WORK TO BE COMPLETED:
Your answer should be every line of the records that contains the word "Export".
*** Begin section ***
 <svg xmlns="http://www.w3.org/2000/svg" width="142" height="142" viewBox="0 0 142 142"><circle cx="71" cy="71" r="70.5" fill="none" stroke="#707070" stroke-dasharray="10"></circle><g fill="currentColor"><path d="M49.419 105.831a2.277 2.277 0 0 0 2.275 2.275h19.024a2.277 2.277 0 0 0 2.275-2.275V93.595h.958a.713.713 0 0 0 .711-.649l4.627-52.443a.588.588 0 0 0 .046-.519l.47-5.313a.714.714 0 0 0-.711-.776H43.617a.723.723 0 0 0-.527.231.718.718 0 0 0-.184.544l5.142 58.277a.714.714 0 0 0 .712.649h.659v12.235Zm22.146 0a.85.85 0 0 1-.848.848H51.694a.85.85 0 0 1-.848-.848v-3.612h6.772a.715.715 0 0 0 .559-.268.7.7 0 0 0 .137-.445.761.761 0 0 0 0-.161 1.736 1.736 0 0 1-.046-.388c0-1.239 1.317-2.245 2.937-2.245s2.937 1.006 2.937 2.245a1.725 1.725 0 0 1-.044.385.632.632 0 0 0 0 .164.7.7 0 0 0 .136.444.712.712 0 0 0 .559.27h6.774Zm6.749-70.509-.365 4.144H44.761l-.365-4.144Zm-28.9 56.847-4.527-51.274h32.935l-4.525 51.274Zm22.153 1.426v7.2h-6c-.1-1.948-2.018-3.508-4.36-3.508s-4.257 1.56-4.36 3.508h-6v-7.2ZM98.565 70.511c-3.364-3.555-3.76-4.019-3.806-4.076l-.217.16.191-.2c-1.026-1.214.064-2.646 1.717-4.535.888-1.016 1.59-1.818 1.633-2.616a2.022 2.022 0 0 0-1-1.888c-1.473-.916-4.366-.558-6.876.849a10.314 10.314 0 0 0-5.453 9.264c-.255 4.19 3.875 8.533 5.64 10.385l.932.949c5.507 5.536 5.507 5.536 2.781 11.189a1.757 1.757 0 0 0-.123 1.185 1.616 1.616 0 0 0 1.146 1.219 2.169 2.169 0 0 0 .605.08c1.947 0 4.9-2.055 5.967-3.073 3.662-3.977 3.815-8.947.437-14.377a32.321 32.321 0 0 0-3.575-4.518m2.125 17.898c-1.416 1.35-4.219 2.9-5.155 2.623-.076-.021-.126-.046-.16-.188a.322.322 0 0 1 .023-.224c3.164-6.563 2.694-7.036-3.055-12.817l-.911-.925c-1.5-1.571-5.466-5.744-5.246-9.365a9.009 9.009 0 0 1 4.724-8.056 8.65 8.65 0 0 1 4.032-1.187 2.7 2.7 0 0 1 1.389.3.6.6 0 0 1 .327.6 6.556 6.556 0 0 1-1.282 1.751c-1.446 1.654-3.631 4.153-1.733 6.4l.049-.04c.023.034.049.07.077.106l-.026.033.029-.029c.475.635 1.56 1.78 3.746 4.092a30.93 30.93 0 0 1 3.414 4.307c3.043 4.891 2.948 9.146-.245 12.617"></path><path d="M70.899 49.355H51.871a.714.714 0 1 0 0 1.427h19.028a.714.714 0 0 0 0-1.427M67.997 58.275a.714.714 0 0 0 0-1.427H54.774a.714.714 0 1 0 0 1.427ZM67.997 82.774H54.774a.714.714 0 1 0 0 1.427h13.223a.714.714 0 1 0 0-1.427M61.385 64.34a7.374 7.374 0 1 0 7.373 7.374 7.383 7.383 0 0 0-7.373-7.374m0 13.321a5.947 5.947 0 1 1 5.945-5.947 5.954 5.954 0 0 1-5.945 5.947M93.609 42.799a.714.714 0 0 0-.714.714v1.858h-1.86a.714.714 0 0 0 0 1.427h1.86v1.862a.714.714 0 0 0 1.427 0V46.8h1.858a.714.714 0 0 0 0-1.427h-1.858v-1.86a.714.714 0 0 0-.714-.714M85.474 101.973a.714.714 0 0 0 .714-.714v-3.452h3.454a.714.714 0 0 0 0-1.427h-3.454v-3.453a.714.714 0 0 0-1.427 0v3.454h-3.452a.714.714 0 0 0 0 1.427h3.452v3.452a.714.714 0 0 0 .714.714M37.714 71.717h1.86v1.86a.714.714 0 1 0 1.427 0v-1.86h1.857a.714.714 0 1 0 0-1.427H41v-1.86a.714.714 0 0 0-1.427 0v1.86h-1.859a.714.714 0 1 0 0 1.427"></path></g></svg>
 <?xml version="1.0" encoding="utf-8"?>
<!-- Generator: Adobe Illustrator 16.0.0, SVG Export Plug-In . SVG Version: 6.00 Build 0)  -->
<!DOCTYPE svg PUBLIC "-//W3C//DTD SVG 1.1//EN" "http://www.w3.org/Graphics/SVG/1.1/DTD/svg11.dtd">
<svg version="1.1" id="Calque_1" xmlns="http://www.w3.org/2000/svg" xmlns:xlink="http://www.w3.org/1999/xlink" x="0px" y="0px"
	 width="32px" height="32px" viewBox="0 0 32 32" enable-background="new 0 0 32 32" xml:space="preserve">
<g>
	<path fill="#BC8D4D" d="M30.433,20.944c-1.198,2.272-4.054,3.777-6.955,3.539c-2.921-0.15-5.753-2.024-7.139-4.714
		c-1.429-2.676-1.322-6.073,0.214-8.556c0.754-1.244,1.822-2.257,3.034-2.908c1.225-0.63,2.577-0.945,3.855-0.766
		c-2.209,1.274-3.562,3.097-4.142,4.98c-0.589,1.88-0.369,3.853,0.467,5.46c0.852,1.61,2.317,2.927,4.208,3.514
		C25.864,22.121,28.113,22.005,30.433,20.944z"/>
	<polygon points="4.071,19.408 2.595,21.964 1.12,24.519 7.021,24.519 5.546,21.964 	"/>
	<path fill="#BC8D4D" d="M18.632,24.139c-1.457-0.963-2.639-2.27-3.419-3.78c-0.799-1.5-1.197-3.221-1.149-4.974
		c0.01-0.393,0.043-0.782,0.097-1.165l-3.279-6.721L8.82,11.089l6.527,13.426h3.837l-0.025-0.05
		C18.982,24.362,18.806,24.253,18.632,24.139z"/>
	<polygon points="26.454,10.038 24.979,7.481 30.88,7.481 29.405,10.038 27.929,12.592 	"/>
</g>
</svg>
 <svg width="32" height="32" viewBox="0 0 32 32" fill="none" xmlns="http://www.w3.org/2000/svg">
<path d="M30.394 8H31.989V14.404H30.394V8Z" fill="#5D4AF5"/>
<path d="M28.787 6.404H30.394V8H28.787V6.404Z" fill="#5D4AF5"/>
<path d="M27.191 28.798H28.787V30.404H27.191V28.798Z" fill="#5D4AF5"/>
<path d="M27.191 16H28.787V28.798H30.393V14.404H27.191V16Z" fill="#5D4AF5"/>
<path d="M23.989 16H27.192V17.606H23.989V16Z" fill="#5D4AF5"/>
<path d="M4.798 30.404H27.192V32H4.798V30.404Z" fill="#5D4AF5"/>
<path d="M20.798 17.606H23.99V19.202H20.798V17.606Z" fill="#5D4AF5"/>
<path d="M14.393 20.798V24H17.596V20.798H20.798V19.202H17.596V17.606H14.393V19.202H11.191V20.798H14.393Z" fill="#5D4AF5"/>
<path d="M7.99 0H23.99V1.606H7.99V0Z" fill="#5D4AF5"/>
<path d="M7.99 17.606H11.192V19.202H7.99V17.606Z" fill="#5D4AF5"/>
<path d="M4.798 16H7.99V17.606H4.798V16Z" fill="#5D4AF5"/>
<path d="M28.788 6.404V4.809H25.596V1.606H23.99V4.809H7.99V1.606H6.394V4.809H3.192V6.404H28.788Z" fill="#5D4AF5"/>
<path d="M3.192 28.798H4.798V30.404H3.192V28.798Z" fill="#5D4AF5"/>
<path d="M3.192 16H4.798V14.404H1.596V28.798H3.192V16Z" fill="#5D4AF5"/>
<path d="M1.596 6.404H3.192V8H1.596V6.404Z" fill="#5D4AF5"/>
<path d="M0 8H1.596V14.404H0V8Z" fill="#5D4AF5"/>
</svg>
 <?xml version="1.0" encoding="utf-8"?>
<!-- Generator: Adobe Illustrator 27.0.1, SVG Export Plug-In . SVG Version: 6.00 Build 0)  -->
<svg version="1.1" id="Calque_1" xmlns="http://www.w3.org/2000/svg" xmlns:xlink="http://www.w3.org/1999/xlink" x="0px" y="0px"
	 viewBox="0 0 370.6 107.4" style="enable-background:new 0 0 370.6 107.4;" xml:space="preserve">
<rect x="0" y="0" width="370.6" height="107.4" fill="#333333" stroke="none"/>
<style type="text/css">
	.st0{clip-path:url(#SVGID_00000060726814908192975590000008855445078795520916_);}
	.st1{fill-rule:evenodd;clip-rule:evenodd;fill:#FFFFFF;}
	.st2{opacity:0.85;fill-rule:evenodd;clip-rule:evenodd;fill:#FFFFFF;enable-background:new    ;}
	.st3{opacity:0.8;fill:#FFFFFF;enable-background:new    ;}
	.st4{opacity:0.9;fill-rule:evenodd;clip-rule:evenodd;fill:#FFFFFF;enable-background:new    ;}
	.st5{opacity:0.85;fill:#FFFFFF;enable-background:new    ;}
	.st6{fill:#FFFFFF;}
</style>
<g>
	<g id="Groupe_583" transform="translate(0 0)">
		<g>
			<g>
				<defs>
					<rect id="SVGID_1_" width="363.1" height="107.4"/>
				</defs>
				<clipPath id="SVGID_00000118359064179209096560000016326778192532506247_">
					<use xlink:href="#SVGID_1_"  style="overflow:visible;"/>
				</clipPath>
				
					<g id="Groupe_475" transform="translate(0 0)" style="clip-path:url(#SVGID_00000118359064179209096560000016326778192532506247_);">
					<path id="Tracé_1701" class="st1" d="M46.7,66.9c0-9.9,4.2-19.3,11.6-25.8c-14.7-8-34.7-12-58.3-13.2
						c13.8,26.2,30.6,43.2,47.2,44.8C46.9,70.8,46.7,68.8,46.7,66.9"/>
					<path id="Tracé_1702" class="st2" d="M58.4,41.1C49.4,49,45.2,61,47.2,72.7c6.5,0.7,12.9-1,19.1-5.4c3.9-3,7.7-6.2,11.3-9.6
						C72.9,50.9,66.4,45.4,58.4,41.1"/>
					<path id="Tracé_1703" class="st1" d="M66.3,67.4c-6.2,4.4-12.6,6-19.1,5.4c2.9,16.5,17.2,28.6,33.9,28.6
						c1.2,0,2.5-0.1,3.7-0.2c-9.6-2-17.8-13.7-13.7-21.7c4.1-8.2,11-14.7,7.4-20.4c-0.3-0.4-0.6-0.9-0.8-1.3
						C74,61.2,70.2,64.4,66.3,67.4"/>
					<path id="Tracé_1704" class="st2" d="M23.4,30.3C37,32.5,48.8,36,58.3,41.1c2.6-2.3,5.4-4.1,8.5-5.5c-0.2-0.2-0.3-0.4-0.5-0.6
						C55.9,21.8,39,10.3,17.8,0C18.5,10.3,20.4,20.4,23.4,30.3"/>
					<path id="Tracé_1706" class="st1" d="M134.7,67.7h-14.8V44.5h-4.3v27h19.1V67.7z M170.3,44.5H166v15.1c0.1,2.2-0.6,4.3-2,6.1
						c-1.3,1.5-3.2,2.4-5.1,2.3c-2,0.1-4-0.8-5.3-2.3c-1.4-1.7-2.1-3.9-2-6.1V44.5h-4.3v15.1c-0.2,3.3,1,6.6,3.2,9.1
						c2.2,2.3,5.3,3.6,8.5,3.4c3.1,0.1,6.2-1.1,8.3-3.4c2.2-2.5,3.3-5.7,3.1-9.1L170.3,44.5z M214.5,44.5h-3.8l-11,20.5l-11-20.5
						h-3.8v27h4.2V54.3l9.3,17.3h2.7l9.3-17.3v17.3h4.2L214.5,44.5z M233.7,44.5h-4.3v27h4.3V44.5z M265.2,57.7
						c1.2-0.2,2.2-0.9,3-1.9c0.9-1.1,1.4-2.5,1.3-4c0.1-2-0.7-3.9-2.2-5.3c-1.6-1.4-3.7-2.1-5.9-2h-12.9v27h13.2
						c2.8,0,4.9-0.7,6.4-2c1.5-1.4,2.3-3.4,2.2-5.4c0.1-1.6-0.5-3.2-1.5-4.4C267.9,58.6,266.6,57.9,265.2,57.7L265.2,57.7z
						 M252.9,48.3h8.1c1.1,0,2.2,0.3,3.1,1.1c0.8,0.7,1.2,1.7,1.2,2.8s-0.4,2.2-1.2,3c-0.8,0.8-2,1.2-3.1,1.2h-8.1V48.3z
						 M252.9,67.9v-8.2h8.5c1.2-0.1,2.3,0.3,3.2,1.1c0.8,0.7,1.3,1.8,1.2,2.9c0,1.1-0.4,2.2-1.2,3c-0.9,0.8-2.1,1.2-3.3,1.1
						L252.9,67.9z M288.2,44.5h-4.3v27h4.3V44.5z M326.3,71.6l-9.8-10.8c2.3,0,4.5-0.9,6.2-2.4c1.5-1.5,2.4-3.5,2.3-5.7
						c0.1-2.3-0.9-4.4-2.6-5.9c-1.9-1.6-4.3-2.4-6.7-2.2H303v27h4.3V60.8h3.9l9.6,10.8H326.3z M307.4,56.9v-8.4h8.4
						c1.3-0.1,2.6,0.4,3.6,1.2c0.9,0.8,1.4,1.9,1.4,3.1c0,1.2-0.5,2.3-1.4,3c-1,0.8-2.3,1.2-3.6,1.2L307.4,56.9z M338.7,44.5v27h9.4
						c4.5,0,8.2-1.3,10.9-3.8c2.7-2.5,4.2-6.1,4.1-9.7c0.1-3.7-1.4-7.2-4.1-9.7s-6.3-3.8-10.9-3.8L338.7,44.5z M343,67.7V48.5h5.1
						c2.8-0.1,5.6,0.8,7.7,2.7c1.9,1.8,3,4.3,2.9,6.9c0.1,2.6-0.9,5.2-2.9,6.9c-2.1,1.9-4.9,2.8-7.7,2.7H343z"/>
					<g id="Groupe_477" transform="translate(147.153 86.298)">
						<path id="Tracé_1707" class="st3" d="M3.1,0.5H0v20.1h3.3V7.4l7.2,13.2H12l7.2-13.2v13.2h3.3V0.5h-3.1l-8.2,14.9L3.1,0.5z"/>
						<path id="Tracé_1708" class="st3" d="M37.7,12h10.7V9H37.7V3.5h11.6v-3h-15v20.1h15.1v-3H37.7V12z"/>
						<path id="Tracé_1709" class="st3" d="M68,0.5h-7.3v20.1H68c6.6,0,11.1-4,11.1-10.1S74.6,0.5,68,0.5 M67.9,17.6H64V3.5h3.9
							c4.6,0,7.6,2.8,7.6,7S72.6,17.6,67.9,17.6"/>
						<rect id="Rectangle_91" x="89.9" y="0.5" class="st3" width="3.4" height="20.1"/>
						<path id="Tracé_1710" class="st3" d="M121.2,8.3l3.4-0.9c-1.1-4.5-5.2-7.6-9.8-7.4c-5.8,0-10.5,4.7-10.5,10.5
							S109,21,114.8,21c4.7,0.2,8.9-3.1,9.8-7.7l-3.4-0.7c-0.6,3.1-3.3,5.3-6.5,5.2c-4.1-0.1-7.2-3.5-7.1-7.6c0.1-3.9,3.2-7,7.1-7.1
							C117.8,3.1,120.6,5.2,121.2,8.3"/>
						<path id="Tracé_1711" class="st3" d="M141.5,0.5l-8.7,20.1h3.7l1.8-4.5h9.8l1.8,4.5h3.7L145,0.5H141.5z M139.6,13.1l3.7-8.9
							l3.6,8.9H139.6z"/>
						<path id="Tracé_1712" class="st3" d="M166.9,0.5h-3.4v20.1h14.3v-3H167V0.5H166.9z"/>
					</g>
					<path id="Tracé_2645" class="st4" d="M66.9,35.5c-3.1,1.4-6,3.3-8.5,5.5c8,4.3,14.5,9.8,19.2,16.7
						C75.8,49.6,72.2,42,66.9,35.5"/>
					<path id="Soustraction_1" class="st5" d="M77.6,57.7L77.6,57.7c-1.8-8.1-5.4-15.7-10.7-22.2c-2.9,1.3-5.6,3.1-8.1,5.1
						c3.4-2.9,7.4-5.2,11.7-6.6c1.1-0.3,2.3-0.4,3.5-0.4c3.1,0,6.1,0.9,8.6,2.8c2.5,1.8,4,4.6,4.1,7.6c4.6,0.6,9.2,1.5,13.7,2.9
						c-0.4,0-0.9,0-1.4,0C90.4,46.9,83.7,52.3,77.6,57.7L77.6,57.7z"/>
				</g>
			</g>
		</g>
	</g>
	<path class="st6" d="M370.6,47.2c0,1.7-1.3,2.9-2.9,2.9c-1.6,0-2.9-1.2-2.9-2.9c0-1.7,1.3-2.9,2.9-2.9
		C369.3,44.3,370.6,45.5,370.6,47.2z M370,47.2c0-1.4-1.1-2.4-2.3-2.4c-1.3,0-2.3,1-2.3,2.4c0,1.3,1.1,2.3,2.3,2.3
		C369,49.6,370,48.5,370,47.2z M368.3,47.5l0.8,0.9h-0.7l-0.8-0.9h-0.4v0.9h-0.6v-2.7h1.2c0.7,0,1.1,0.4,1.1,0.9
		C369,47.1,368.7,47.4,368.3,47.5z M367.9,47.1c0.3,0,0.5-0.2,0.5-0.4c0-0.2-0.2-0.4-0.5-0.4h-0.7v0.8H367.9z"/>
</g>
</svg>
*** End section ***
RESULT FOR THIS TASK:
<!-- Generator: Adobe Illustrator 16.0.0, SVG Export Plug-In . SVG Version: 6.00 Build 0)  -->
<!-- Generator: Adobe Illustrator 27.0.1, SVG Export Plug-In . SVG Version: 6.00 Build 0)  -->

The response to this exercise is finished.